> _WHAT YOU NEED TO DO_
Please output exactly the lines of the material from the first through the line containing "Has an underline", and nothing more.

*** Opening of EXERCISE INPUT ***

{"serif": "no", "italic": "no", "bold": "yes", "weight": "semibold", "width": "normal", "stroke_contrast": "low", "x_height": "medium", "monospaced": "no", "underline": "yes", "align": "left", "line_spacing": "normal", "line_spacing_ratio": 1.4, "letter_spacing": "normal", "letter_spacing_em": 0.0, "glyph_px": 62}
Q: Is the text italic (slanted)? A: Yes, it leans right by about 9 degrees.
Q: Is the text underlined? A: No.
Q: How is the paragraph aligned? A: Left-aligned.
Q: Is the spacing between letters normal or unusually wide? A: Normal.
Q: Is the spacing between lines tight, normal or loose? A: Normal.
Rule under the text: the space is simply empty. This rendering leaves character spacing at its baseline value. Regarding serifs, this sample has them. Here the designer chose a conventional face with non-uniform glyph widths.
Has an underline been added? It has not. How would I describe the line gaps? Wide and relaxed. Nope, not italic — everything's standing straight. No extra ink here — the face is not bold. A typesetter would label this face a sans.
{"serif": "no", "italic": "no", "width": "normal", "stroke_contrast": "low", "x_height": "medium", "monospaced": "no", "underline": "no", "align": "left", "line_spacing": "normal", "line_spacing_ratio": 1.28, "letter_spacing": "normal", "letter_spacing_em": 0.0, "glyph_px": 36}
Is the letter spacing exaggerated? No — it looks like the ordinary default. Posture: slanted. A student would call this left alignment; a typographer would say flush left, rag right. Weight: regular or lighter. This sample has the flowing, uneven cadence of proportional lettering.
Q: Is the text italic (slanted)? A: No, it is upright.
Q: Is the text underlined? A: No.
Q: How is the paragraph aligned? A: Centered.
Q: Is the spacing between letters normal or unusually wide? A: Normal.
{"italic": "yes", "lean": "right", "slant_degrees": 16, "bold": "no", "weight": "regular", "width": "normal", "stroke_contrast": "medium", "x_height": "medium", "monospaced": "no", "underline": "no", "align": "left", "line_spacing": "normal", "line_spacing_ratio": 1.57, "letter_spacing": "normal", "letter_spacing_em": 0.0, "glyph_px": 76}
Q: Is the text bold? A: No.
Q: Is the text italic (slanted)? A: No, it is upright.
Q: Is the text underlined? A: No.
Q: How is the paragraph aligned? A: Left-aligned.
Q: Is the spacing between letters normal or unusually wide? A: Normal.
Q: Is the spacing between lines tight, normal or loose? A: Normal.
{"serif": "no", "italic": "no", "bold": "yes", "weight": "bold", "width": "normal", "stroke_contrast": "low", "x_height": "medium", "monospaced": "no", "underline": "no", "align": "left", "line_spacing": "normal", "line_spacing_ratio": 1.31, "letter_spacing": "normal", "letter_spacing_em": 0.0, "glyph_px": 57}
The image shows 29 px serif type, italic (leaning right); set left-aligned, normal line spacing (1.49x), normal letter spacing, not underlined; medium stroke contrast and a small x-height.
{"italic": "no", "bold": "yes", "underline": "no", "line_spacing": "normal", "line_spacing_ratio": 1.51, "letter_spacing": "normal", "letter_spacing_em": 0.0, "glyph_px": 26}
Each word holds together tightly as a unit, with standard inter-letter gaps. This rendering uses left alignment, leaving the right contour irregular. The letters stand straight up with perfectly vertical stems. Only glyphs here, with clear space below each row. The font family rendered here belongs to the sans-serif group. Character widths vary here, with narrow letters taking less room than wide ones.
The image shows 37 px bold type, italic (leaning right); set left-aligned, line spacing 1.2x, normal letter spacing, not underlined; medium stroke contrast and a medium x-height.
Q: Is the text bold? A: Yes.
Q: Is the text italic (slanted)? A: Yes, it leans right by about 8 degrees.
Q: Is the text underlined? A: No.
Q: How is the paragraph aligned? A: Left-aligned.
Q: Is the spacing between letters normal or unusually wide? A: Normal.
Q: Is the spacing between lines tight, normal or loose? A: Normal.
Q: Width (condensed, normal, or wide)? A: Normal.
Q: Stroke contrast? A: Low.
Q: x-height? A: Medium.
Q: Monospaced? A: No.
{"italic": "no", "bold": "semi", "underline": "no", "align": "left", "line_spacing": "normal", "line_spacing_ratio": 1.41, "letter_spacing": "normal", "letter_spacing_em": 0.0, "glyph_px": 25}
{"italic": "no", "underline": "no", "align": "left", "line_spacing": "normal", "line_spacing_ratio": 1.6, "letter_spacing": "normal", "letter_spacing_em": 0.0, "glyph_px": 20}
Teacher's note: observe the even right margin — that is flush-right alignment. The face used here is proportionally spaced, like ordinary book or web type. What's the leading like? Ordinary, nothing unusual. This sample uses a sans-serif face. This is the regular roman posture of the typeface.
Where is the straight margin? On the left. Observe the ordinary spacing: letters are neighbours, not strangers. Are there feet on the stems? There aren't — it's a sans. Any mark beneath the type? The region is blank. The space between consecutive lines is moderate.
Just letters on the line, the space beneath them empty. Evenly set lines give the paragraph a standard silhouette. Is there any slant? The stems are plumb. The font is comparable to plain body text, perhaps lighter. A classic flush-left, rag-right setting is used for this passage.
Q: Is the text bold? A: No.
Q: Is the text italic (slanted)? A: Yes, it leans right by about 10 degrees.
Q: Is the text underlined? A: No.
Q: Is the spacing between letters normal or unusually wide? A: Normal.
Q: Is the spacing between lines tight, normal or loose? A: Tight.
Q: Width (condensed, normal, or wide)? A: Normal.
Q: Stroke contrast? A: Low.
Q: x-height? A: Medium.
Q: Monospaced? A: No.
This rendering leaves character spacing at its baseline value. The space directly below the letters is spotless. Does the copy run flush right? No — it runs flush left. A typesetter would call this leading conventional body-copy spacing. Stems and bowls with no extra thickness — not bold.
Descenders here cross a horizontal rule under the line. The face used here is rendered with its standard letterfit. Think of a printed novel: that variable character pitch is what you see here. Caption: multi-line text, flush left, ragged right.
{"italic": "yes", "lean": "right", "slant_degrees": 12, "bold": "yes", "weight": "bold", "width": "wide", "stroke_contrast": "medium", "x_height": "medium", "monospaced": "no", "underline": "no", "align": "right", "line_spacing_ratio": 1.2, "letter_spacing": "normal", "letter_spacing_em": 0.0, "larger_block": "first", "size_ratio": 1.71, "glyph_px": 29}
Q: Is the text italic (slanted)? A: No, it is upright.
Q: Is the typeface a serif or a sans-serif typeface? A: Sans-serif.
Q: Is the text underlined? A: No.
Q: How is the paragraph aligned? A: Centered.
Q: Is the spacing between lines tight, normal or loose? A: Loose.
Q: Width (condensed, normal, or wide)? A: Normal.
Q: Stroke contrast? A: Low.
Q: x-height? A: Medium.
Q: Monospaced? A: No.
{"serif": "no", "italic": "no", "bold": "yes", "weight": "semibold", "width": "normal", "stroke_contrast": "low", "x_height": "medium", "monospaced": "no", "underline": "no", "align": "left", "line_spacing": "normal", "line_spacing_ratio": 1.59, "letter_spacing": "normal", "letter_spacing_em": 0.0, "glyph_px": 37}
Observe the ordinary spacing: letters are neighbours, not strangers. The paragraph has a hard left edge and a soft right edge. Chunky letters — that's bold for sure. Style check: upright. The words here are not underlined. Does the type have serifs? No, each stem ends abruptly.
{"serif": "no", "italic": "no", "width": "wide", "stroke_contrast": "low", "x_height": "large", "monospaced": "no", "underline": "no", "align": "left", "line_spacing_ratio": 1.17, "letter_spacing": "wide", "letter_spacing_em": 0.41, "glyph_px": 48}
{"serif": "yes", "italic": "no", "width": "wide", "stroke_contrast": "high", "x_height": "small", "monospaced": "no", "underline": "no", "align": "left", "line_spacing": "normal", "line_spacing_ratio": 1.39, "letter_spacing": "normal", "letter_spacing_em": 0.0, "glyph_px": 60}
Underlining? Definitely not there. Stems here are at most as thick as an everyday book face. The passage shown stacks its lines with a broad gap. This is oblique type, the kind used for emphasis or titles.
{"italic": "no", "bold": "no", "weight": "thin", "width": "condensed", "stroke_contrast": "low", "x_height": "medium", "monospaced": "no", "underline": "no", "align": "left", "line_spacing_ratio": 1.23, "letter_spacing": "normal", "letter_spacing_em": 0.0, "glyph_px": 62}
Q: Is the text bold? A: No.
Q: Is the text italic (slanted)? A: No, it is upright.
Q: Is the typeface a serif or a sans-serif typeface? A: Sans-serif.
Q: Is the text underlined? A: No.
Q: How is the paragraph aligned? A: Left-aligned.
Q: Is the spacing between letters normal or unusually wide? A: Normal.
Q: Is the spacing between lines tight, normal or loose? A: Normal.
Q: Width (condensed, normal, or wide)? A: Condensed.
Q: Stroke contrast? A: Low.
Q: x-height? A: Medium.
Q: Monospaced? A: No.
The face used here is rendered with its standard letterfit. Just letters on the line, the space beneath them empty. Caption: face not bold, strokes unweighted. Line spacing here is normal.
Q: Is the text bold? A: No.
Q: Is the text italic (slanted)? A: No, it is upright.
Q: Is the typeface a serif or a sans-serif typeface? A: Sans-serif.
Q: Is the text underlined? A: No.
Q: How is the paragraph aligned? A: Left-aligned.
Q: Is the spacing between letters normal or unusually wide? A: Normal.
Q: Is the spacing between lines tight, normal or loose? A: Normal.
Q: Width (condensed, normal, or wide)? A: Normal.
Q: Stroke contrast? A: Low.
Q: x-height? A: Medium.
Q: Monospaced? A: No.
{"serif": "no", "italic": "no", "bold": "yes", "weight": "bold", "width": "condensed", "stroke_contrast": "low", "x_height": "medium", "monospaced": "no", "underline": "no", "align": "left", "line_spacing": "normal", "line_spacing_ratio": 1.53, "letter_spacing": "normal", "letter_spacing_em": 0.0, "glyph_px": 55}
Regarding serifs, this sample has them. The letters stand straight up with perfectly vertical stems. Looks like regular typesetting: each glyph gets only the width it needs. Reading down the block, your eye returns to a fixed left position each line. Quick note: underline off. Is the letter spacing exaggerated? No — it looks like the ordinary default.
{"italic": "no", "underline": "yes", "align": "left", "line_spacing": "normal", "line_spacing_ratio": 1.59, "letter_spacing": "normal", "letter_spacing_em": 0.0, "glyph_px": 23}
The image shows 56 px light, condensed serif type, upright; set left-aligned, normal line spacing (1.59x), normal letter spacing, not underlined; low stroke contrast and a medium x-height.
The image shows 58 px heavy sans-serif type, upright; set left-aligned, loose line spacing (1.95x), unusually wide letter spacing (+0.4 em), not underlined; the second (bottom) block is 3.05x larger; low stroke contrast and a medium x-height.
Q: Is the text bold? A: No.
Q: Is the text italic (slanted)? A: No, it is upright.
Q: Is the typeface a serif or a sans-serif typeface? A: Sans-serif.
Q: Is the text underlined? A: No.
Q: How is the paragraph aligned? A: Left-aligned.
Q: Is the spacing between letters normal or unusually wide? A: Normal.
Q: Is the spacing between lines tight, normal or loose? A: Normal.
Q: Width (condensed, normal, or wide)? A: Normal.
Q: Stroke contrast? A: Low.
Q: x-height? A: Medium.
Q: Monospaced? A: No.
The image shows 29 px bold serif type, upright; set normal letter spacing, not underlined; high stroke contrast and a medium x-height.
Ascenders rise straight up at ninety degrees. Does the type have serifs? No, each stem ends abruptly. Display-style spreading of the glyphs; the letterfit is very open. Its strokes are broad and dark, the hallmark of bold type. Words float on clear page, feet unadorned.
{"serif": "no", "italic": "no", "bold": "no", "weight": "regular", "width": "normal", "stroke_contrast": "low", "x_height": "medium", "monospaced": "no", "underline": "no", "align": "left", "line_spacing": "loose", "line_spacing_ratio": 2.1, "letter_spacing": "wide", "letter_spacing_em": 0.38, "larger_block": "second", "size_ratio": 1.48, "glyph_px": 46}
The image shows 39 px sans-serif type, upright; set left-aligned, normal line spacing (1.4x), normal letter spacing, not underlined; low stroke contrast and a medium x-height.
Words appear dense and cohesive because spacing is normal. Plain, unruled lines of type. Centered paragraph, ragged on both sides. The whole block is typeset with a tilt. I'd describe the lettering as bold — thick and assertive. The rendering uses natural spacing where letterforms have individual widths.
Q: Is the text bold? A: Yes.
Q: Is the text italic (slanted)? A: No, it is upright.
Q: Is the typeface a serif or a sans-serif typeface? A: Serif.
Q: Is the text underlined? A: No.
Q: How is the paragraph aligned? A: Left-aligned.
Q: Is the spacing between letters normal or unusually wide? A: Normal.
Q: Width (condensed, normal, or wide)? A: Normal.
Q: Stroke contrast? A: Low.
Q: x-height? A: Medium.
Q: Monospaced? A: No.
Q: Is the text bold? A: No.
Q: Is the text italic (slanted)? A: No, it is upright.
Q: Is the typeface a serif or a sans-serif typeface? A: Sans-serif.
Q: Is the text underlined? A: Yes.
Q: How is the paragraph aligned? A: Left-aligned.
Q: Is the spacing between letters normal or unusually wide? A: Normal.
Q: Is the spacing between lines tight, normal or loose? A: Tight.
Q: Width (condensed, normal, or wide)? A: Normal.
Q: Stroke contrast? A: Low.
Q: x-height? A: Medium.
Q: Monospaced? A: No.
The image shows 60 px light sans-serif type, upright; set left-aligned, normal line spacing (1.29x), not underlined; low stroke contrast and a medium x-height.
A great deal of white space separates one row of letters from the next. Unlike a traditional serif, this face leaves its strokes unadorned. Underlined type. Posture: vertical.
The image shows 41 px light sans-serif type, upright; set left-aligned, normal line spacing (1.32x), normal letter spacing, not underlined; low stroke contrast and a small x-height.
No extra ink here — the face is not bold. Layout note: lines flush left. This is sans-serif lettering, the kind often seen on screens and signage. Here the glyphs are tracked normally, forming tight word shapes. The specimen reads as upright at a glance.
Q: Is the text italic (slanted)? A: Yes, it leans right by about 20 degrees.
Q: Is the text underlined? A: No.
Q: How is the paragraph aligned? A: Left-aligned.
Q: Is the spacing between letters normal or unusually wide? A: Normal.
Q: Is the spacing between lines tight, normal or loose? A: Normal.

*** Close of EXERCISE INPUT ***

> _OUTPUT FOR THIS EXERCISE_
{"serif": "no", "italic": "no", "bold": "yes", "weight": "semibold", "width": "normal", "stroke_contrast": "low", "x_height": "medium", "monospaced": "no", "underline": "yes", "align": "left", "line_spacing": "normal", "line_spacing_ratio": 1.4, "letter_spacing": "normal", "letter_spacing_em": 0.0, "glyph_px": 62}
Q: Is the text italic (slanted)? A: Yes, it leans right by about 9 degrees.
Q: Is the text underlined? A: No.
Q: How is the paragraph aligned? A: Left-aligned.
Q: Is the spacing between letters normal or unusually wide? A: Normal.
Q: Is the spacing between lines tight, normal or loose? A: Normal.
Rule under the text: the space is simply empty. This rendering leaves character spacing at its baseline value. Regarding serifs, this sample has them. Here the designer chose a conventional face with non-uniform glyph widths.
Has an underline been added? It has not. How would I describe the line gaps? Wide and relaxed. Nope, not italic — everything's standing straight. No extra ink here — the face is not bold. A typesetter would label this face a sans.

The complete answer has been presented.